庱亭垒的中央是一座三层高的土垒。因为建于苏峻之乱时期,所有一概标准全部按照军用标准来建造,基本上就是姑孰和京口的土垒缩小版。
陶旭的房间也就是王允之和郗鉴所住的房间。
校场上桓温的亲随和陶旭的部下们正亲切交流着关于烹饪的话题,陶旭和荀羡、桓温三人也相对而坐,打开了带来的美酒。
泥盖被敲碎,一股水果的清香扑鼻而来。这比陶旭在现代社会闻到的任何酒香都要舒服,这种说不出的清香仿佛能透过鼻子沿着气管直透到肺里。
一口酒还没喝,三人就都已醉意熏熏。
“如何?”桓温得意地对二人道,“据说这是太康年间武皇帝赏赐给齐王的御酒,也不知道怎么就流落到江东了。这酒要是落到谢无奕手里,哪里还有我喝的份?再说了,这等好酒,当然要二三知己,仔细品尝才能得其中真味了!”
说着,他舀出三小勺搁在三只碗中,又用新酒稀释了这陈酒的浓郁,这才端起碗来轻轻地抿了一口。
只是一口,桓温本就红彤彤的脸就愈发的红了。
陶旭品了一口,果然也是奇妙无比。说是水果酒,却又掺杂着米酒的味道,几种味道在嘴里轮番爆炸,品上一口就足以回味无穷。
也不知道当年极盛时期的洛阳朝廷喝掉过多少这等好酒。
“听说当年武皇帝酿造此酒,花费了十几种水果!”桓温对于酒也是如数家珍,“光是西域葡萄就花费了上百斤!”
晋代的交通还不是十分便利,从西域到中原更是耗费甚巨。能从西域进口上百斤葡萄用来酿酒,这西晋极盛时期的国力果然也是不亚于盛汉!
可现如今……
酒过三巡,三人打开了话头。
“子初兄可知道此酒从何而来?”桓温笑道。
“倒要请教!”
“这是诸葛令公赠与我的!”桓温拱手虚拜道,“他知道子初兄和他小女有过一段过节,生怕你不肯收下,因此假托老弟我的名头,希望子初兄能不计前嫌啊?哈哈!”

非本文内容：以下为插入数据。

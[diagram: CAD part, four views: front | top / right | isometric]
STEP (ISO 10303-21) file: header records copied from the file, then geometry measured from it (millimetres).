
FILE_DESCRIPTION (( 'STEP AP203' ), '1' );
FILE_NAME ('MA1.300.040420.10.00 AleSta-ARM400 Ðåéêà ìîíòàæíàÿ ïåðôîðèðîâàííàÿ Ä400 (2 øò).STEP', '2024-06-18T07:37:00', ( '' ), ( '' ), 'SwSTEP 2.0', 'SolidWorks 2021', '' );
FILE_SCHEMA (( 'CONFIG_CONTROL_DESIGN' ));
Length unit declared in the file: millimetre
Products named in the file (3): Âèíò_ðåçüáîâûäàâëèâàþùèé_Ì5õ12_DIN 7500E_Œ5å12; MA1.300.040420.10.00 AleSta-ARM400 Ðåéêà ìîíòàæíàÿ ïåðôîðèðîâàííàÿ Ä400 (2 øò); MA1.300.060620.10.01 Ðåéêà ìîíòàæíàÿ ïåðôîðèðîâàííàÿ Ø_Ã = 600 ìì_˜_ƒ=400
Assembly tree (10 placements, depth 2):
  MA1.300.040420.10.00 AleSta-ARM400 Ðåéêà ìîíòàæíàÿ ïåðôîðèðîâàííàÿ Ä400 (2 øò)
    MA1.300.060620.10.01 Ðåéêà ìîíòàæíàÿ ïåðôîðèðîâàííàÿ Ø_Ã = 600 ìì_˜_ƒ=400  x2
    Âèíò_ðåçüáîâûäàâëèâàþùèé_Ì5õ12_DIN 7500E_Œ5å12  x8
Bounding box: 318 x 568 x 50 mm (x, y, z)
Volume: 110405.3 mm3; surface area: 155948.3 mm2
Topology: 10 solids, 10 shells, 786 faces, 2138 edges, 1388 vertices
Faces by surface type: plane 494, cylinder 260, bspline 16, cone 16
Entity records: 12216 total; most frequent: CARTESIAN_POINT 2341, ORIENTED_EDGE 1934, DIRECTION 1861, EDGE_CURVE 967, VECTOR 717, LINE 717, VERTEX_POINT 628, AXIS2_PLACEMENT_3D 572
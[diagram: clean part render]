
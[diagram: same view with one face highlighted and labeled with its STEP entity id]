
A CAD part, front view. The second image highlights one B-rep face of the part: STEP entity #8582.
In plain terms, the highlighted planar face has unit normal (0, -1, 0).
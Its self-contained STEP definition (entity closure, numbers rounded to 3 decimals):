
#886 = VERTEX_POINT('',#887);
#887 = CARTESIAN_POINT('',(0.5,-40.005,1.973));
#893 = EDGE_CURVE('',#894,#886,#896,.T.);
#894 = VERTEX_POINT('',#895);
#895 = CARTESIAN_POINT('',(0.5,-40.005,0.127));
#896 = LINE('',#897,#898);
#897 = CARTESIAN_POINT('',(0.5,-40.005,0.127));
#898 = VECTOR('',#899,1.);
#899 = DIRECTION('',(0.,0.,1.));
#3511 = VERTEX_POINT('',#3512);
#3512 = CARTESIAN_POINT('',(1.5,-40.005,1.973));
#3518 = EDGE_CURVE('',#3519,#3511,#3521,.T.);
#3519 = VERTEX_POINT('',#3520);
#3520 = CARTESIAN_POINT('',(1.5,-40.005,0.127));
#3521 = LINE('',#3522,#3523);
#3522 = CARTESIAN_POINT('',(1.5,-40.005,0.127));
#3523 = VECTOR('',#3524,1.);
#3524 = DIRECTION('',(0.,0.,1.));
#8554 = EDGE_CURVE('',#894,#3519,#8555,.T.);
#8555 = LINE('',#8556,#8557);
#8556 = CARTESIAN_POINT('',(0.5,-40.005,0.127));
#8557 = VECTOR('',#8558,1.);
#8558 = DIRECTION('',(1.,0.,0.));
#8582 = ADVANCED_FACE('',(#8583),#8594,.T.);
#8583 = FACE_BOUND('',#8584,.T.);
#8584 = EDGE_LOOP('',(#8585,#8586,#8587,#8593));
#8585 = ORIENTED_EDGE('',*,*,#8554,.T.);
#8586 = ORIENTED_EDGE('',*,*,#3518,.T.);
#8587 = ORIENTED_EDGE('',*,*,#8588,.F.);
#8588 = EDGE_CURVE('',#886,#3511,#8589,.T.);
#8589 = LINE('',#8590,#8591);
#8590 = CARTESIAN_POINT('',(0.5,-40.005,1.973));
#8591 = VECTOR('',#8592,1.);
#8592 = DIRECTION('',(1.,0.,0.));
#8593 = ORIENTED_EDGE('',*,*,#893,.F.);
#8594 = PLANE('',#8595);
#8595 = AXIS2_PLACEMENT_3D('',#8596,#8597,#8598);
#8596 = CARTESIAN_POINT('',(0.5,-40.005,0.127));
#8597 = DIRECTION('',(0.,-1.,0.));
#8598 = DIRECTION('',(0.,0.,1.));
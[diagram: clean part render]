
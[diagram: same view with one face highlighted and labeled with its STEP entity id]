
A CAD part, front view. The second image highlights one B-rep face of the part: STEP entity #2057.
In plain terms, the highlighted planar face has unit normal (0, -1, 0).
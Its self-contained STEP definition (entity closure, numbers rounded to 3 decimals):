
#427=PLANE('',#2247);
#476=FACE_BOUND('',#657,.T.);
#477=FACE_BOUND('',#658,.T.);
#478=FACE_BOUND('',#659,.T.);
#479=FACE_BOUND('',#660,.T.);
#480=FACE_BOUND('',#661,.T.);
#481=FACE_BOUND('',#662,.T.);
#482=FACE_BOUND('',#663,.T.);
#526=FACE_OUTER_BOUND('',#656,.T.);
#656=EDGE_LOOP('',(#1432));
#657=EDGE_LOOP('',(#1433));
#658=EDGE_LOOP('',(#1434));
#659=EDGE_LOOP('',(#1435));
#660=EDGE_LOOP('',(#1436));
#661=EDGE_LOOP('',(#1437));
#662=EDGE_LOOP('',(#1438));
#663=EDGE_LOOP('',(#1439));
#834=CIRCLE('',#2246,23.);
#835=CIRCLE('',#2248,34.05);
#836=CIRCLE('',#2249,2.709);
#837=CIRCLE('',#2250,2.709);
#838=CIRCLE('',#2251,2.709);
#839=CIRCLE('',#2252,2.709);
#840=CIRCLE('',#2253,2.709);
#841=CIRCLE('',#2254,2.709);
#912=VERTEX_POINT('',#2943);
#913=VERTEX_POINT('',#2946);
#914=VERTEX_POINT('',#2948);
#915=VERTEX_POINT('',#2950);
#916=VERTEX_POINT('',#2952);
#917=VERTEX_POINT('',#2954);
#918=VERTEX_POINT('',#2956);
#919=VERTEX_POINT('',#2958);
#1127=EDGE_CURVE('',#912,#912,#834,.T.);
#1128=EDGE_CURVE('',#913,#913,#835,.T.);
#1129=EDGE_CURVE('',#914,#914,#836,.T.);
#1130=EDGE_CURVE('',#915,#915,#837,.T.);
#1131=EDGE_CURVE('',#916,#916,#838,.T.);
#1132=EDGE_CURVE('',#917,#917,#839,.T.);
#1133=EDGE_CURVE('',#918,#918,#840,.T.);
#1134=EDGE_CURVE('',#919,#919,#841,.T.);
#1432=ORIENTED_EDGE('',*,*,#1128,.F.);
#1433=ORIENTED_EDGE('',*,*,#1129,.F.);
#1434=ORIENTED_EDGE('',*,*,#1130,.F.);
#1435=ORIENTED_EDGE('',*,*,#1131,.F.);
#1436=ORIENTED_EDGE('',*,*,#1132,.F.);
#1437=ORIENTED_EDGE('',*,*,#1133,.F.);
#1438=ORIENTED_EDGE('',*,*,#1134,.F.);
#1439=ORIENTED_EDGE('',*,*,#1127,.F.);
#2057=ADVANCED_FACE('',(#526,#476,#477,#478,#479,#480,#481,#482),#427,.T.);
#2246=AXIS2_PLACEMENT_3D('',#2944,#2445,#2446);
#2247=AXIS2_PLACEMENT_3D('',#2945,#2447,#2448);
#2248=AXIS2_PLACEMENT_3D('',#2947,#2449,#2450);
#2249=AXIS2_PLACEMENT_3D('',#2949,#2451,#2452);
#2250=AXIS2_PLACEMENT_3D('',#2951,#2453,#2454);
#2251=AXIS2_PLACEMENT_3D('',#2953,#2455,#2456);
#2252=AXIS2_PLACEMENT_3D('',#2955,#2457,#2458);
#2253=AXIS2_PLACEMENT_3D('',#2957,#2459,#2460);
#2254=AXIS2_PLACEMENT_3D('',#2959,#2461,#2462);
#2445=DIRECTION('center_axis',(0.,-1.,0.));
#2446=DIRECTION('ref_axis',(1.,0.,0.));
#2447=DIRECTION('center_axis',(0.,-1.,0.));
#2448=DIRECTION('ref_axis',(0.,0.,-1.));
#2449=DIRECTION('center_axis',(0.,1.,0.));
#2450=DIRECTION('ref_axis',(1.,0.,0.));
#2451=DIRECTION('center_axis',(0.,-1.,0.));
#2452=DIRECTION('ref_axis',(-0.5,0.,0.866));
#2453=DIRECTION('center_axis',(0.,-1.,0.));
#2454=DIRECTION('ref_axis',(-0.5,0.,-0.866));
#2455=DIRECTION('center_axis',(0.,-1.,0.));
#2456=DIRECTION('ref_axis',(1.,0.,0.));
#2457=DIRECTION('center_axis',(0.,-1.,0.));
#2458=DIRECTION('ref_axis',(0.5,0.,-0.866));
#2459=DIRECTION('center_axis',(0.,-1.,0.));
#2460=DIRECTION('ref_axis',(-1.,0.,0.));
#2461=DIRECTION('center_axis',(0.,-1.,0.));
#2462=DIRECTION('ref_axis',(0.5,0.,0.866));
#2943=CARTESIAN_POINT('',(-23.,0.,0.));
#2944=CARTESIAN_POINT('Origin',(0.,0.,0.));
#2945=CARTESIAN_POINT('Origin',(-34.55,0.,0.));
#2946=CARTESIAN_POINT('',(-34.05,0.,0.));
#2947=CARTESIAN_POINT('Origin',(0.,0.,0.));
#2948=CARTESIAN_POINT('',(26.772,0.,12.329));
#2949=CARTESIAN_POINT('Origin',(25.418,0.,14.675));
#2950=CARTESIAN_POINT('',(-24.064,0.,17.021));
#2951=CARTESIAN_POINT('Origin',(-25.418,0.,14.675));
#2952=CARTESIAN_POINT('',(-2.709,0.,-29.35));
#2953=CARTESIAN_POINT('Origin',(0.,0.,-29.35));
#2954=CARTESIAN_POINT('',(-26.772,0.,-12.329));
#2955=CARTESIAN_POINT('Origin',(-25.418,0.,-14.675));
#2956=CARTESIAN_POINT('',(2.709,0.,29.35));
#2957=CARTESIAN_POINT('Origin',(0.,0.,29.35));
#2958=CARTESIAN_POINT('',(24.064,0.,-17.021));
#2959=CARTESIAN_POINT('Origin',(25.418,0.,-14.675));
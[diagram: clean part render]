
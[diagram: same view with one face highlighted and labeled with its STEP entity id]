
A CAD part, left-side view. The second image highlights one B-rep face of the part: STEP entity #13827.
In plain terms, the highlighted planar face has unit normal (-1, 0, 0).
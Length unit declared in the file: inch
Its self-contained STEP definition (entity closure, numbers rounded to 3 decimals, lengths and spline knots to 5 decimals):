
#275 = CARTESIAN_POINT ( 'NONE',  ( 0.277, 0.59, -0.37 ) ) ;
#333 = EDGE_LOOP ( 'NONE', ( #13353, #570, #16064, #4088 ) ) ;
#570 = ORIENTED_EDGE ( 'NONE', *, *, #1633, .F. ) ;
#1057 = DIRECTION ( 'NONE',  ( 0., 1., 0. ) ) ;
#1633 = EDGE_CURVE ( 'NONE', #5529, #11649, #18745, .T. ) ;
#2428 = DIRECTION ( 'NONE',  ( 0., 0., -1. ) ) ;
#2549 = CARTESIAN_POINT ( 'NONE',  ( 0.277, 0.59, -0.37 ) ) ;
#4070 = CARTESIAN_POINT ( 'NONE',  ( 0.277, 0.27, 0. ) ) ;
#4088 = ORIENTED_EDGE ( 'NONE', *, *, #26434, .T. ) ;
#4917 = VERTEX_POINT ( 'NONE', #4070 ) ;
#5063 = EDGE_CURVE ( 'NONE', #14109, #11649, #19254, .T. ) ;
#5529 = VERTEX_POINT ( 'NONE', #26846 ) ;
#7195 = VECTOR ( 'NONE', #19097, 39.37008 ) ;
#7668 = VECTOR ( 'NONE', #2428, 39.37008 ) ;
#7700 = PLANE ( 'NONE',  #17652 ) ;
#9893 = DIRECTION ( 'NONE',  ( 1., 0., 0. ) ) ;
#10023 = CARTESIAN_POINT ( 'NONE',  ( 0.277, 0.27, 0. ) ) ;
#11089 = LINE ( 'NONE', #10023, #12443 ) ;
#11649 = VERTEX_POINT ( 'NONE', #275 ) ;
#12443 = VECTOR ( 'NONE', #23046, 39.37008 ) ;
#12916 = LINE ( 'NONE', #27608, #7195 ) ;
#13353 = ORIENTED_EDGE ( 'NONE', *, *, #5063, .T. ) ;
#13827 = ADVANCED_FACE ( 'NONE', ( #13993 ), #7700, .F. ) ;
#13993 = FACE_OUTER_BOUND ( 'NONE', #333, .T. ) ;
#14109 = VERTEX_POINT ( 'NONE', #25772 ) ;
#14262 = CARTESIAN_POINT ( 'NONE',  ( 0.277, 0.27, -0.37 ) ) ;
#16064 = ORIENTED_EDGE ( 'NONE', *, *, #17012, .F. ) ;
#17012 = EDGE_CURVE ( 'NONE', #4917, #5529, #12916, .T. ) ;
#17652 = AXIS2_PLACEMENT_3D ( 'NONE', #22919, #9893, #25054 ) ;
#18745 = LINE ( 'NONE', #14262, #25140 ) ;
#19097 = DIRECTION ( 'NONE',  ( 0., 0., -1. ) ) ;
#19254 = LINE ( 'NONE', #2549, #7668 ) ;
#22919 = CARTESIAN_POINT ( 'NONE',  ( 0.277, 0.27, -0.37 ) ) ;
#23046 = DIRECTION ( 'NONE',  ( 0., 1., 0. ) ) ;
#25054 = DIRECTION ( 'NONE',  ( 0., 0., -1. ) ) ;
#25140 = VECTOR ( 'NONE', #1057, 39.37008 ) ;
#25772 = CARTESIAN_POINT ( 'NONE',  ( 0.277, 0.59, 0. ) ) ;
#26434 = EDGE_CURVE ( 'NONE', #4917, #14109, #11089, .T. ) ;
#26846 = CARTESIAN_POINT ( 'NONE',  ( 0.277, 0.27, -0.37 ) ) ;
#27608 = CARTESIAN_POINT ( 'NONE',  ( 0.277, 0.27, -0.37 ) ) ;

“哪里哪里!”陶旭没想到居然是诸葛恢送来的,倒是有些诧异,“诸葛令公和王丞相、庾征西并称中兴三明,是朝廷的中流砥柱,旭焉敢记恨?”
桓温听了大喜,他抚须大笑道:“好好好!子初兄果然有容人之量!诸葛令公已经教训了那个不成器的女郎,上次她陪侍公主出巡,也没给子初兄打招呼,真是太失礼啦!”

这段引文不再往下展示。